→ **About this task**:
Please write out the whole listing that follows exactly; the pictures stay out.

→ **Data for review**:

════════════════

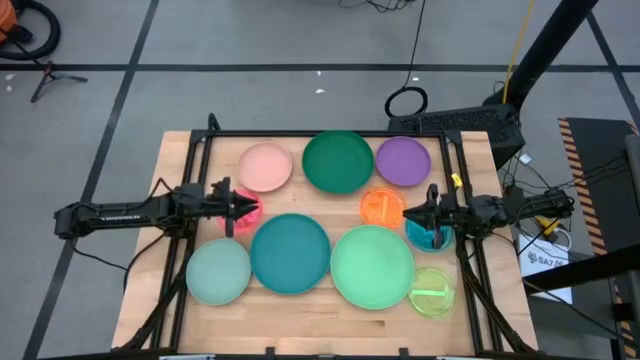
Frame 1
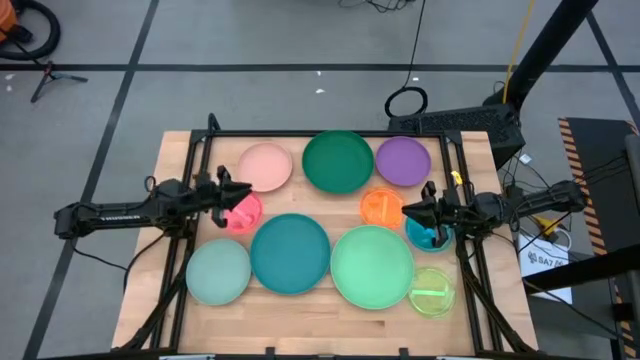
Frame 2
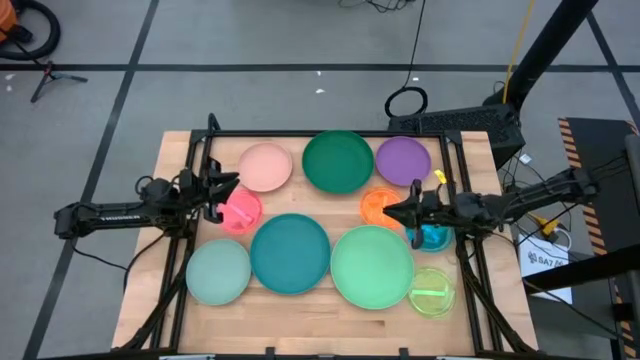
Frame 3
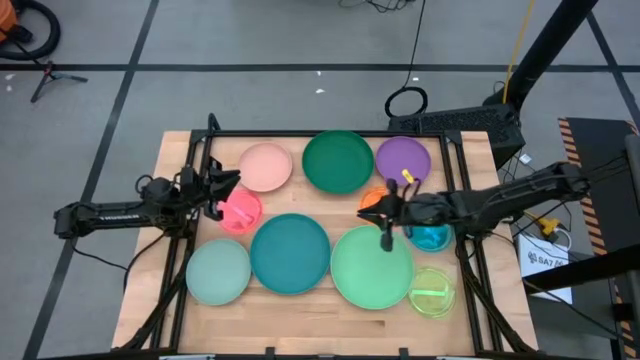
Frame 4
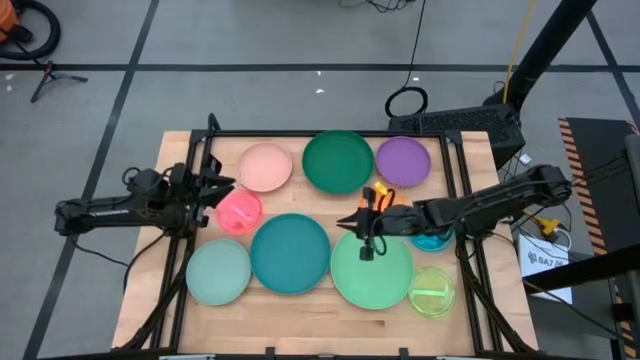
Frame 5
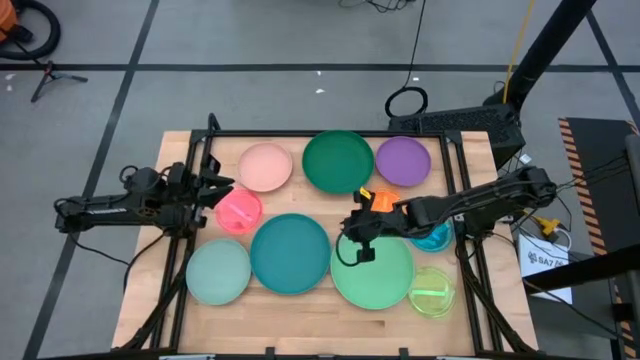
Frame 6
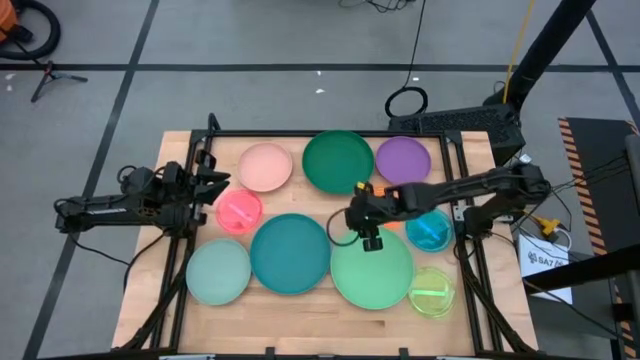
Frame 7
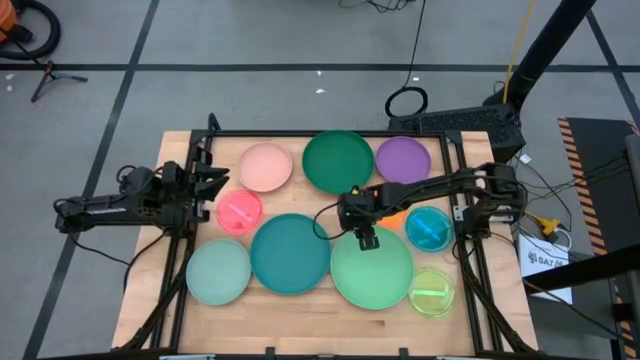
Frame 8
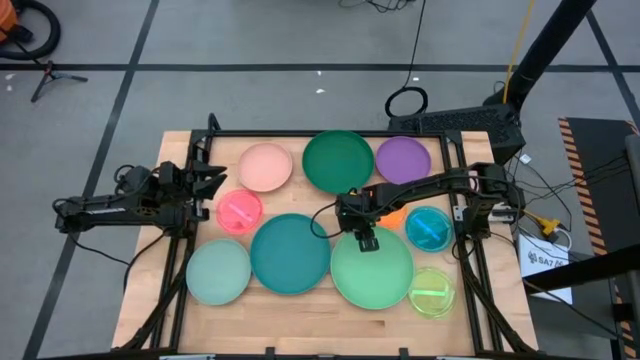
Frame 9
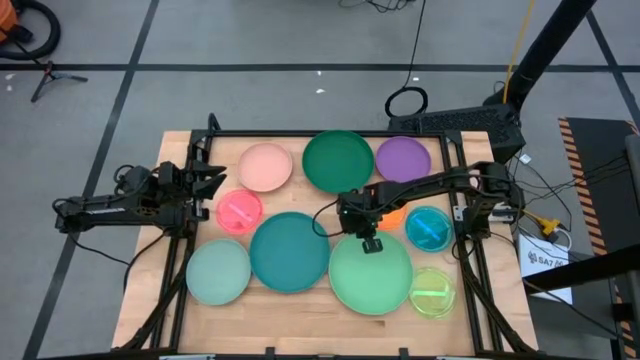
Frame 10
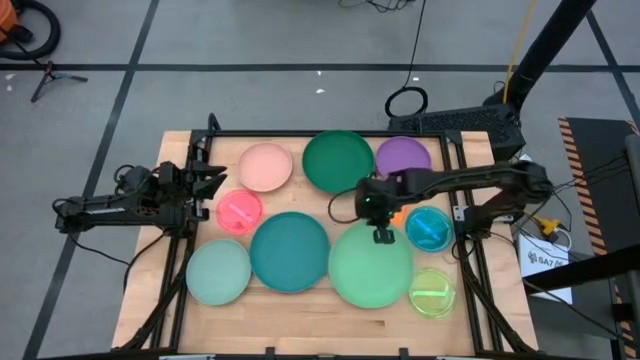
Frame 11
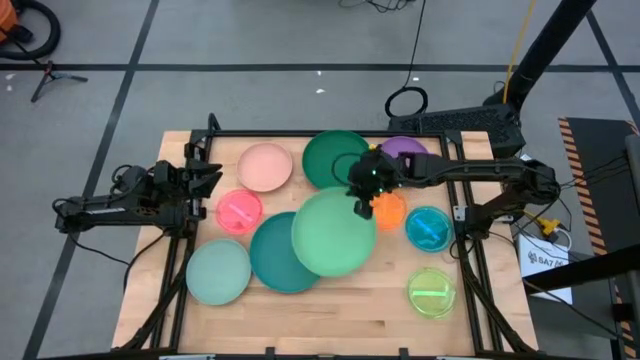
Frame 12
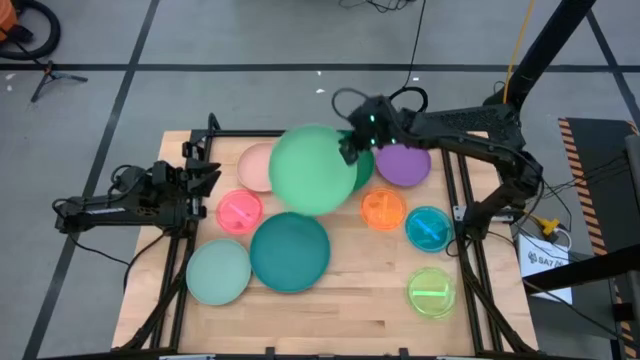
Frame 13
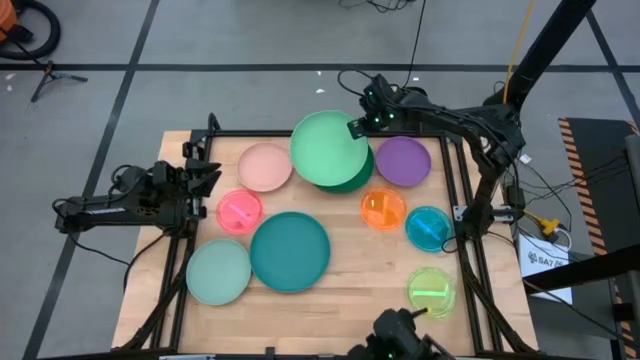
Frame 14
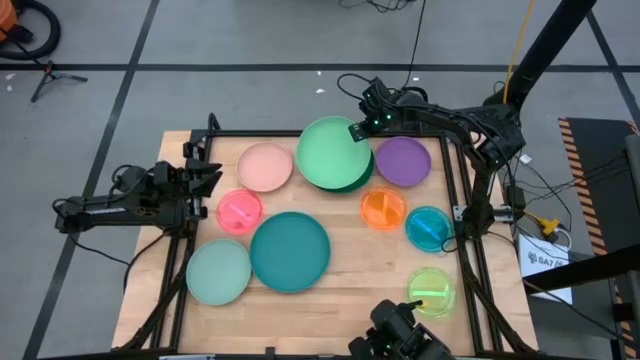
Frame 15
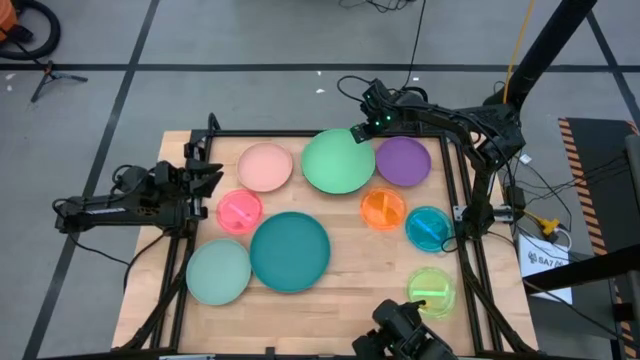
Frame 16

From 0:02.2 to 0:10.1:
Task: Stack plastic plates
Stack the green plate on the dark green plate

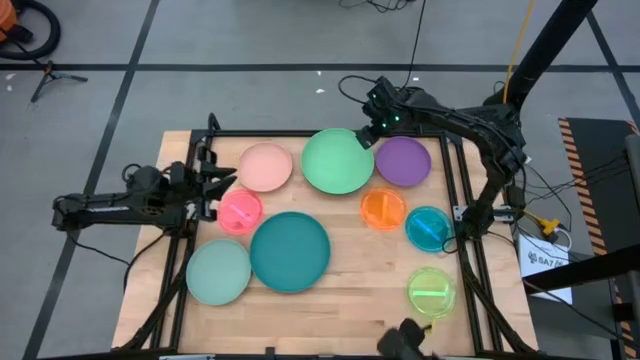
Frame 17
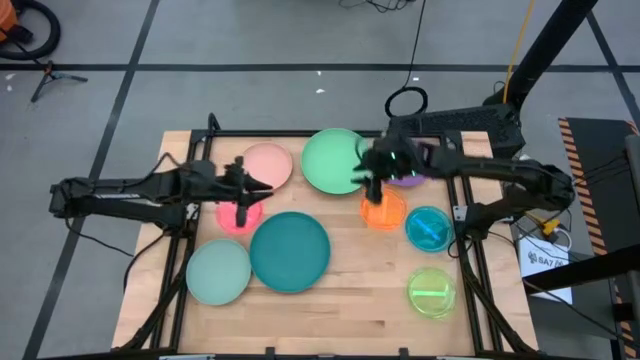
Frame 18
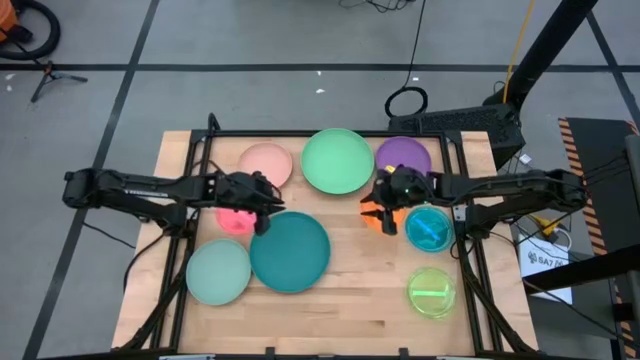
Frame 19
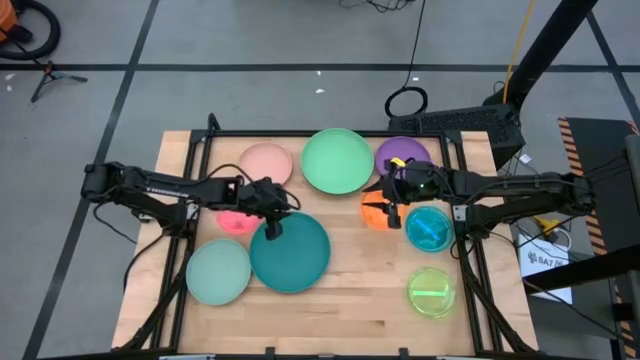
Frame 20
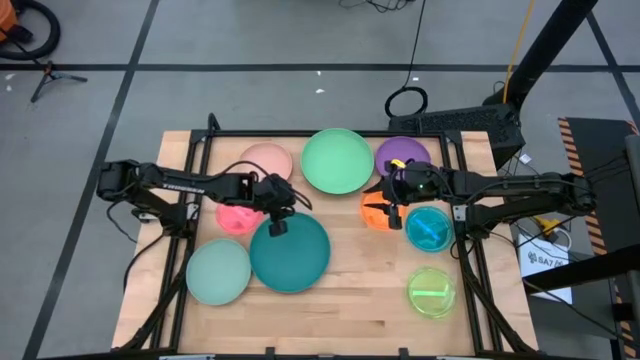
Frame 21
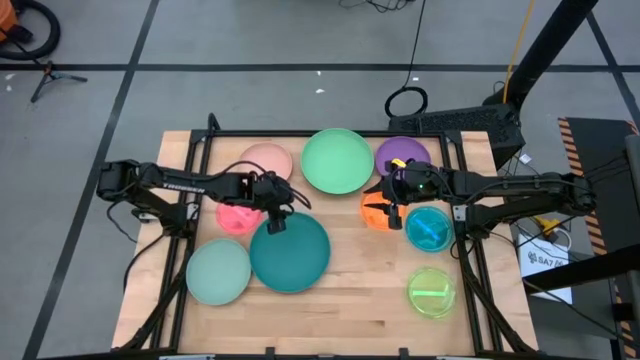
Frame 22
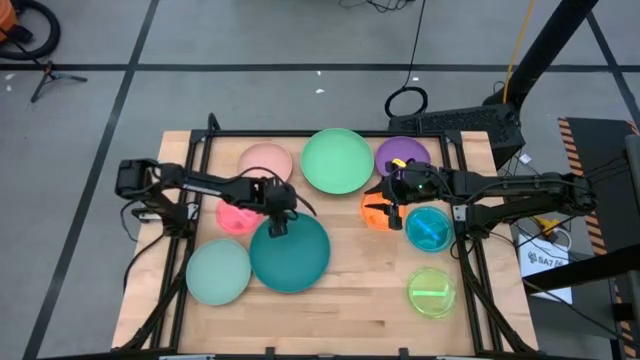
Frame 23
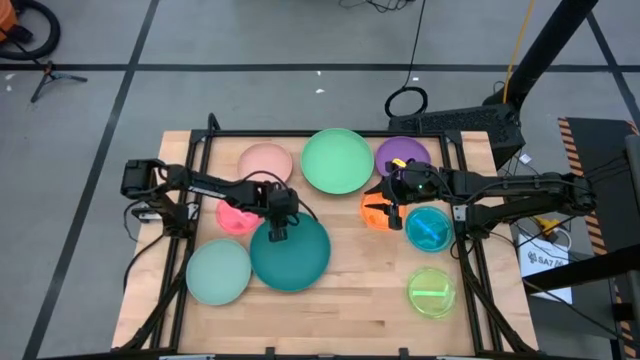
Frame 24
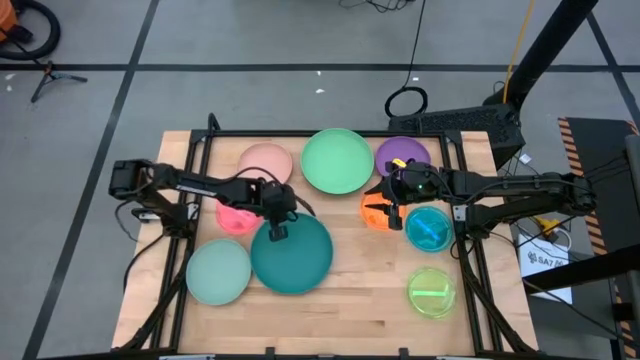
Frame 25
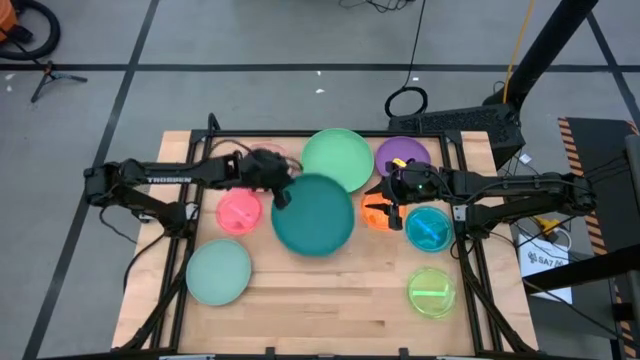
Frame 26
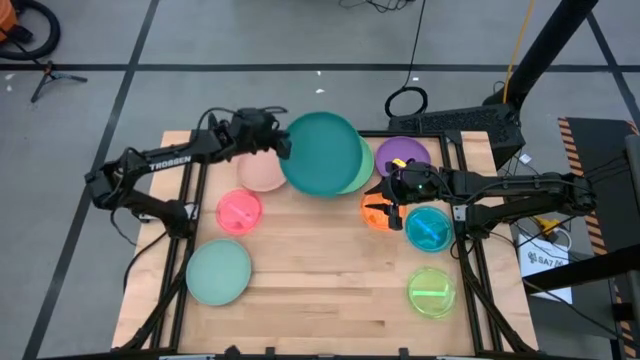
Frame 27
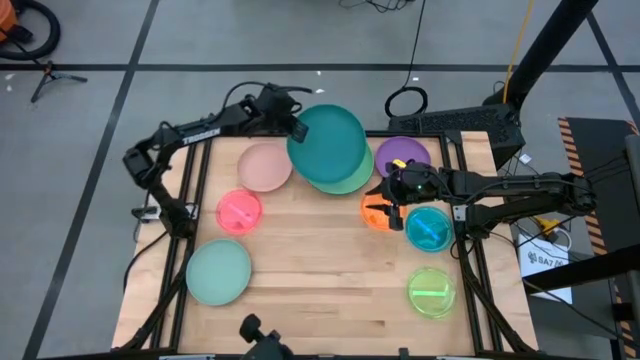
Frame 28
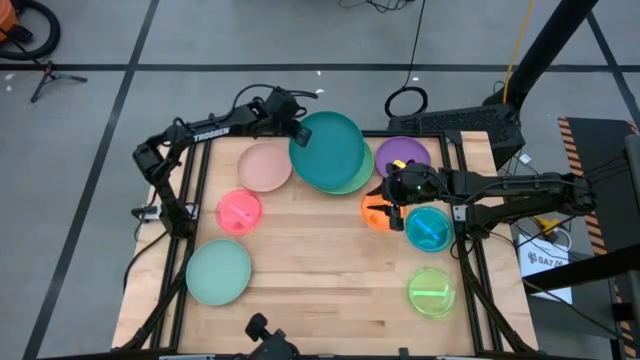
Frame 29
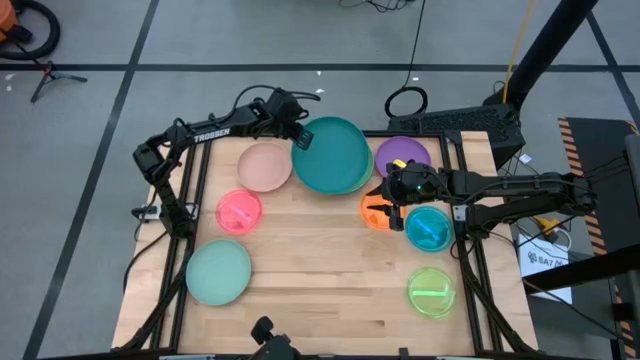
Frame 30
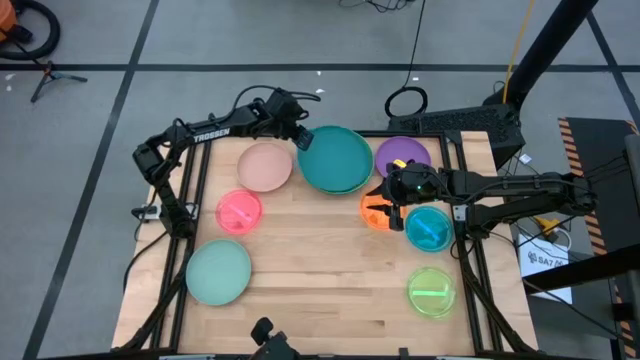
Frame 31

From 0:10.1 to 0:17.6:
Stack the dark blue plate on the green plate

════════════════

→ **Answer section**:
Frame 1
Frame 2
Frame 3
Frame 4
Frame 5
Frame 6
Frame 7
Frame 8
Frame 9
Frame 10
Frame 11
Frame 12
Frame 13
Frame 14
Frame 15
Frame 16

From 0:02.2 to 0:10.1:
Task: Stack plastic plates
Stack the green plate on the dark green plate

Frame 17
Frame 18
Frame 19
Frame 20
Frame 21
Frame 22
Frame 23
Frame 24
Frame 25
Frame 26
Frame 27
Frame 28
Frame 29
Frame 30
Frame 31

From 0:10.1 to 0:17.6:
Stack the dark blue plate on the green plate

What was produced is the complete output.